Cells Emit Light Before They Die
Over 30 years ago, and quite by accident, German scientist FA Popp and his colleagues discovered that cells emit light before they die.
This observation, as enigmatic as it is elegiac, required many more years of study to be confirmed. However, he offered a particular description of the properties of the human cell. The same postulate managed to caress the popular imagination and collide head-on with the scientific skepticism of the time.
The discovery
According to the scientist, such a poetic phenomenon reflects the programmed tendency of human cells to emit ultra-weak light radiation – made up of what he called biophotons – with an intensity exponentially greater than usual during the moments before the cessation of their vital function.
This ability is not observable only in the last moments of the cell’s existence. According to Popp, a faithful follower of the work of the Russian A. Gurwitsch, every multicellular living being emits a light that seems to be decisive in intercellular communication.
This communication is essential for the coordinated work of the various cellular functions. Furthermore, it is articulated by virtue of a language of regularity and irregularity in the aforementioned light emissions.
The first conclusions reached by the German scientist were confirmed in the field of health. He suggested that the quantity and characteristics of these biophotonic irradiations show a statistical correlation with the state of health of the organism in general and of the human body in particular.
This concept structured the narrative, vehemently and controversially defended by the scientist, that the more chaotic the emission of units of light, the more it would reveal the presence of disease. However, this peculiar perspective, which counted on several promoters, has not yet been scientifically validated in a reliable way.
Although such approaches to human health have no official endorsement or accepted clinical application, this cellular bioluminous emission has been shown to intervene in the processes of information transmission between cells.
Scientist S. Mayburov, who published his studies in the technology journal of the Massachusetts Institute of Technology (MIT), is responsible for this scientific concordance between light and cell biology.

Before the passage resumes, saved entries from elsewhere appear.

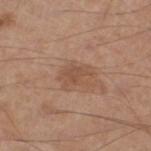  biopsy_status: not biopsied; imaged during a skin examination
  patient:
    sex: male
    age_approx: 55
  lesion_size:
    long_diameter_mm_approx: 4.0
  automated_metrics:
    eccentricity: 0.75
    shape_asymmetry: 0.3
    cielab_L: 51
    cielab_a: 20
    cielab_b: 30
    vs_skin_darker_L: 8.0
    vs_skin_contrast_norm: 5.5
    nevus_likeness_0_100: 5
    lesion_detection_confidence_0_100: 100
  image:
    source: total-body photography crop
    field_of_view_mm: 15
  site: left lower leg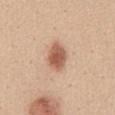No biopsy was performed on this lesion — it was imaged during a full skin examination and was not determined to be concerning.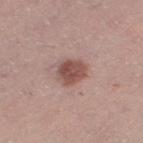Notes:
• biopsy status · total-body-photography surveillance lesion; no biopsy
• imaging modality · 15 mm crop, total-body photography
• subject · female, aged 38–42
• site · the left thigh
• tile lighting · white-light illumination
• lesion size · ≈3.5 mm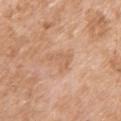Captured during whole-body skin photography for melanoma surveillance; the lesion was not biopsied.
On the right upper arm.
The patient is a female about 75 years old.
A roughly 15 mm field-of-view crop from a total-body skin photograph.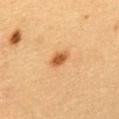{"biopsy_status": "not biopsied; imaged during a skin examination", "lighting": "cross-polarized", "site": "upper back", "automated_metrics": {"nevus_likeness_0_100": 100, "lesion_detection_confidence_0_100": 100}, "lesion_size": {"long_diameter_mm_approx": 2.5}, "patient": {"sex": "female", "age_approx": 30}, "image": {"source": "total-body photography crop", "field_of_view_mm": 15}}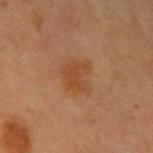This lesion was catalogued during total-body skin photography and was not selected for biopsy.
Imaged with cross-polarized lighting.
A male subject, aged 63–67.
A region of skin cropped from a whole-body photographic capture, roughly 15 mm wide.
Automated tile analysis of the lesion measured a lesion area of about 11 mm², an eccentricity of roughly 0.55, and two-axis asymmetry of about 0.25. The analysis additionally found an average lesion color of about L≈37 a*≈18 b*≈29 (CIELAB) and about 5 CIELAB-L* units darker than the surrounding skin. And it measured a nevus-likeness score of about 40/100 and a lesion-detection confidence of about 100/100.
From the arm.
Measured at roughly 4 mm in maximum diameter.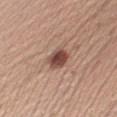| feature | finding |
|---|---|
| workup | total-body-photography surveillance lesion; no biopsy |
| location | the right upper arm |
| image-analysis metrics | a mean CIELAB color near L≈47 a*≈21 b*≈25 and a normalized lesion–skin contrast near 10.5 |
| patient | male, about 35 years old |
| imaging modality | ~15 mm crop, total-body skin-cancer survey |
| diameter | ≈3 mm |
| tile lighting | white-light |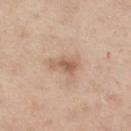illumination = white-light illumination
body site = the right thigh
automated metrics = a border-irregularity index near 4/10, a within-lesion color-variation index near 2.5/10, and radial color variation of about 1; a nevus-likeness score of about 25/100 and a detector confidence of about 100 out of 100 that the crop contains a lesion
image source = ~15 mm tile from a whole-body skin photo
lesion diameter = about 3.5 mm
patient = female, about 55 years old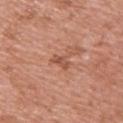| feature | finding |
|---|---|
| follow-up | total-body-photography surveillance lesion; no biopsy |
| lesion diameter | about 2.5 mm |
| tile lighting | white-light illumination |
| location | the upper back |
| imaging modality | ~15 mm tile from a whole-body skin photo |
| patient | female, about 40 years old |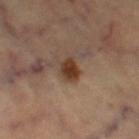Imaged during a routine full-body skin examination; the lesion was not biopsied and no histopathology is available. A female subject about 65 years old. This image is a 15 mm lesion crop taken from a total-body photograph. Located on the right thigh.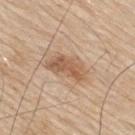Case summary:
– lesion diameter · ≈5 mm
– anatomic site · the back
– acquisition · ~15 mm tile from a whole-body skin photo
– subject · male, approximately 80 years of age
– image-analysis metrics · a lesion color around L≈58 a*≈19 b*≈33 in CIELAB, a lesion–skin lightness drop of about 11, and a normalized border contrast of about 7.5
– tile lighting · white-light illumination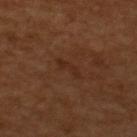Q: Was a biopsy performed?
A: imaged on a skin check; not biopsied
Q: What lighting was used for the tile?
A: cross-polarized
Q: What are the patient's age and sex?
A: male, in their mid-60s
Q: What is the imaging modality?
A: 15 mm crop, total-body photography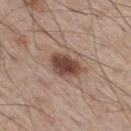Clinical impression: The lesion was photographed on a routine skin check and not biopsied; there is no pathology result. Background: Captured under white-light illumination. A roughly 15 mm field-of-view crop from a total-body skin photograph. On the right thigh. A male patient, aged approximately 60.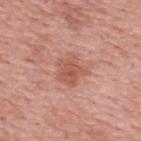Imaged during a routine full-body skin examination; the lesion was not biopsied and no histopathology is available. Longest diameter approximately 3.5 mm. On the upper back. This image is a 15 mm lesion crop taken from a total-body photograph. A female patient, aged 38 to 42. The tile uses white-light illumination.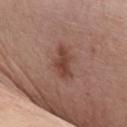  biopsy_status: not biopsied; imaged during a skin examination
  image:
    source: total-body photography crop
    field_of_view_mm: 15
  patient:
    sex: female
    age_approx: 60
  site: chest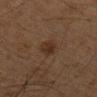| key | value |
|---|---|
| biopsy status | catalogued during a skin exam; not biopsied |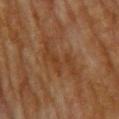workup: catalogued during a skin exam; not biopsied
lesion size: ~7.5 mm (longest diameter)
location: the upper back
imaging modality: total-body-photography crop, ~15 mm field of view
subject: female, aged 78–82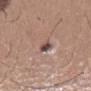Captured during whole-body skin photography for melanoma surveillance; the lesion was not biopsied.
A 15 mm close-up extracted from a 3D total-body photography capture.
A male patient aged 63 to 67.
The lesion is on the mid back.
The recorded lesion diameter is about 3.5 mm.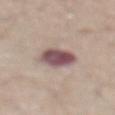Case summary:
* workup · no biopsy performed (imaged during a skin exam)
* lesion diameter · about 4 mm
* anatomic site · the abdomen
* patient · male, aged around 65
* imaging modality · ~15 mm crop, total-body skin-cancer survey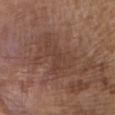location = the abdomen | patient = male, aged 73 to 77 | acquisition = 15 mm crop, total-body photography | size = ≈5.5 mm.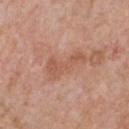Assessment:
Imaged during a routine full-body skin examination; the lesion was not biopsied and no histopathology is available.
Context:
The total-body-photography lesion software estimated a color-variation rating of about 1.5/10 and peripheral color asymmetry of about 0.5. And it measured a nevus-likeness score of about 0/100 and a lesion-detection confidence of about 100/100. Measured at roughly 5 mm in maximum diameter. The tile uses white-light illumination. A 15 mm close-up tile from a total-body photography series done for melanoma screening. On the front of the torso. A male patient, aged around 60.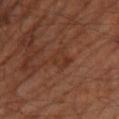location=the leg | patient=male, in their 60s | acquisition=15 mm crop, total-body photography | lighting=cross-polarized | diameter=~4 mm (longest diameter).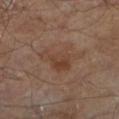A 15 mm close-up extracted from a 3D total-body photography capture. Imaged with cross-polarized lighting. Longest diameter approximately 4.5 mm. The subject is a male about 65 years old. The lesion is on the left lower leg.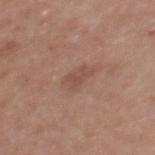Impression:
The lesion was photographed on a routine skin check and not biopsied; there is no pathology result.
Image and clinical context:
A female subject in their 40s. This is a white-light tile. The lesion's longest dimension is about 3 mm. A lesion tile, about 15 mm wide, cut from a 3D total-body photograph. The lesion is located on the back. The lesion-visualizer software estimated roughly 7 lightness units darker than nearby skin and a lesion-to-skin contrast of about 5 (normalized; higher = more distinct). It also reported a border-irregularity index near 3/10 and a within-lesion color-variation index near 2/10.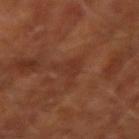| feature | finding |
|---|---|
| biopsy status | imaged on a skin check; not biopsied |
| patient | male, aged around 65 |
| image source | ~15 mm tile from a whole-body skin photo |
| illumination | cross-polarized |
| location | the right forearm |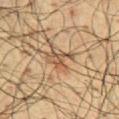This lesion was catalogued during total-body skin photography and was not selected for biopsy. The lesion is located on the chest. A 15 mm close-up extracted from a 3D total-body photography capture. An algorithmic analysis of the crop reported a classifier nevus-likeness of about 5/100. The patient is a male roughly 60 years of age. About 3.5 mm across. This is a cross-polarized tile.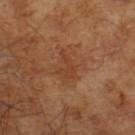Imaged with cross-polarized lighting.
The lesion-visualizer software estimated an average lesion color of about L≈39 a*≈23 b*≈32 (CIELAB), about 6 CIELAB-L* units darker than the surrounding skin, and a lesion-to-skin contrast of about 5 (normalized; higher = more distinct). The software also gave a classifier nevus-likeness of about 10/100.
A 15 mm crop from a total-body photograph taken for skin-cancer surveillance.
The patient is a male roughly 65 years of age.
Measured at roughly 3.5 mm in maximum diameter.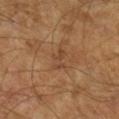  biopsy_status: not biopsied; imaged during a skin examination
  patient:
    sex: male
    age_approx: 65
  image:
    source: total-body photography crop
    field_of_view_mm: 15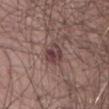Case summary:
* subject — male, in their mid- to late 70s
* location — the abdomen
* lesion diameter — ~3 mm (longest diameter)
* image source — total-body-photography crop, ~15 mm field of view
* lighting — white-light illumination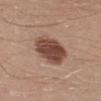| key | value |
|---|---|
| automated lesion analysis | a lesion–skin lightness drop of about 15 and a lesion-to-skin contrast of about 11 (normalized; higher = more distinct) |
| anatomic site | the right lower leg |
| tile lighting | white-light |
| subject | male, aged 28 to 32 |
| size | ≈5 mm |
| imaging modality | ~15 mm crop, total-body skin-cancer survey |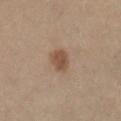No biopsy was performed on this lesion — it was imaged during a full skin examination and was not determined to be concerning.
The patient is a female aged 48 to 52.
The lesion's longest dimension is about 2.5 mm.
This is a cross-polarized tile.
A 15 mm close-up extracted from a 3D total-body photography capture.
The lesion is on the left lower leg.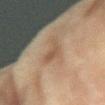Clinical impression:
Imaged during a routine full-body skin examination; the lesion was not biopsied and no histopathology is available.
Context:
A female patient, aged 78 to 82. Cropped from a total-body skin-imaging series; the visible field is about 15 mm. From the arm. This is a cross-polarized tile.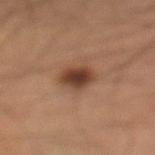<lesion>
  <biopsy_status>not biopsied; imaged during a skin examination</biopsy_status>
</lesion>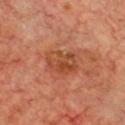The lesion was photographed on a routine skin check and not biopsied; there is no pathology result.
The lesion is located on the chest.
Measured at roughly 4.5 mm in maximum diameter.
The total-body-photography lesion software estimated a lesion area of about 10 mm² and two-axis asymmetry of about 0.2. The analysis additionally found border irregularity of about 2.5 on a 0–10 scale and internal color variation of about 6 on a 0–10 scale. And it measured a nevus-likeness score of about 0/100.
Captured under cross-polarized illumination.
A male patient, approximately 70 years of age.
Cropped from a whole-body photographic skin survey; the tile spans about 15 mm.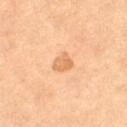biopsy status = total-body-photography surveillance lesion; no biopsy | size = about 2.5 mm | image = total-body-photography crop, ~15 mm field of view | patient = female, aged 63 to 67 | illumination = cross-polarized | body site = the left thigh.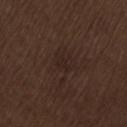The lesion was tiled from a total-body skin photograph and was not biopsied. About 2.5 mm across. Located on the lower back. A male patient aged 68–72. An algorithmic analysis of the crop reported a footprint of about 2.5 mm², an outline eccentricity of about 0.9 (0 = round, 1 = elongated), and two-axis asymmetry of about 0.45. It also reported a border-irregularity rating of about 4.5/10, a color-variation rating of about 0/10, and peripheral color asymmetry of about 0. And it measured a nevus-likeness score of about 0/100 and a lesion-detection confidence of about 85/100. Captured under white-light illumination. This image is a 15 mm lesion crop taken from a total-body photograph.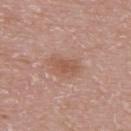Case summary:
– workup: catalogued during a skin exam; not biopsied
– anatomic site: the upper back
– TBP lesion metrics: a symmetry-axis asymmetry near 0.3; a mean CIELAB color near L≈54 a*≈22 b*≈29 and about 8 CIELAB-L* units darker than the surrounding skin; internal color variation of about 1.5 on a 0–10 scale and radial color variation of about 0.5
– imaging modality: 15 mm crop, total-body photography
– illumination: white-light
– lesion diameter: about 3 mm
– subject: female, aged 28–32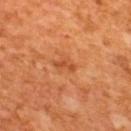- workup: imaged on a skin check; not biopsied
- subject: male, aged approximately 65
- lesion size: ~2.5 mm (longest diameter)
- image source: ~15 mm tile from a whole-body skin photo
- location: the upper back
- TBP lesion metrics: an eccentricity of roughly 0.95 and a symmetry-axis asymmetry near 0.4; a lesion–skin lightness drop of about 8 and a normalized border contrast of about 6; border irregularity of about 4.5 on a 0–10 scale and radial color variation of about 0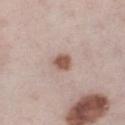notes=imaged on a skin check; not biopsied
subject=male, aged 58–62
imaging modality=15 mm crop, total-body photography
site=the right lower leg
lesion size=~2.5 mm (longest diameter)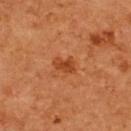Q: Was a biopsy performed?
A: total-body-photography surveillance lesion; no biopsy
Q: What did automated image analysis measure?
A: an area of roughly 4 mm², an outline eccentricity of about 0.75 (0 = round, 1 = elongated), and a shape-asymmetry score of about 0.25 (0 = symmetric); an average lesion color of about L≈45 a*≈30 b*≈41 (CIELAB), roughly 9 lightness units darker than nearby skin, and a normalized lesion–skin contrast near 7.5; a nevus-likeness score of about 80/100 and a lesion-detection confidence of about 100/100
Q: Lesion location?
A: the upper back
Q: Who is the patient?
A: female, in their mid- to late 60s
Q: How was this image acquired?
A: total-body-photography crop, ~15 mm field of view
Q: How was the tile lit?
A: cross-polarized illumination
Q: Lesion size?
A: ~3 mm (longest diameter)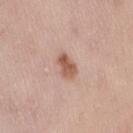biopsy status=no biopsy performed (imaged during a skin exam)
lesion size=≈3 mm
anatomic site=the right thigh
patient=female, aged 38 to 42
lighting=white-light illumination
image=15 mm crop, total-body photography

Cells emit light, how is that possible?
An obvious reality is that living cells receive sunlight and store it by collecting their constituent units: photons. Otherwise the phenomenon of photosynthesis would not exist and the plants would not obtain energy for their subsistence.
On a planet without plants, breathable oxygen would be too scarce and incompatible with animal life; without photons, we simply wouldn’t be here.
According to the Einsteinian principle that matter is not destroyed but only transformed, the appropriation of photons by the cell – for the performance of its functions and the conservation of its constituent parts – leads to the reuse of that light energy and the spontaneous loss , as occurs in any thermodynamic system, of portions of that energy. It does not seem strange, therefore, that a cell emits light.
In line with the above, Nobel Prize winner A. Szent-Györgyi, a renowned 20th-century Hungarian physiologist, theorized that energy, so essential for life on Earth, is not just the bargaining chip in every function and process. cellular but, in an indispensable way, it is necessary for the maintenance of the same cellular structure.
And that energy, in its most primordial and precursor variant, is precisely the energy that arises as luminous radiation from the largest of sources: the Sun.
The poetry of the cell that gives its light away before dying
Popp himself suggested, on the basis of his knowledge of cells in stressful situations, that this cellular action of rapidly and intensely discarding their luminescent content in the moments before death responded to a rebalancing mechanism of the cellular environment.
Thus, in an attempt to enrich its external environment and diffuse energetic components that may still be useful, the cell would lose its photonic charge explosively before ceasing to exist.
Molecular considerations aside, we glimpse here a metaphor that reflects, almost specularly, the same explosion of the old overgrown stars we know as supernovae.
By gravitationally collapsing into the final instances of their existence as stars, supernovae emit an enormous amount of light radiation. From our terrestrial observers, we see this phenomenon as an eternal splendor.
And this explosion also serves to make the galactic environment a richer one; to return the atoms that millions of years ago decided to attract each other to form a rising star. These atoms will become part of new stars, in the same way that the energy of the cell will be the energy of many others.
Perhaps both phenomena are the expression of the same law of the Universe which operates on such disparate scales; perhaps the smallest is a reflection of the largest and vice versa.
Even though we know so little about reality and despite the limitations of our scientific method, we have science to thank for communicating in a poetic way.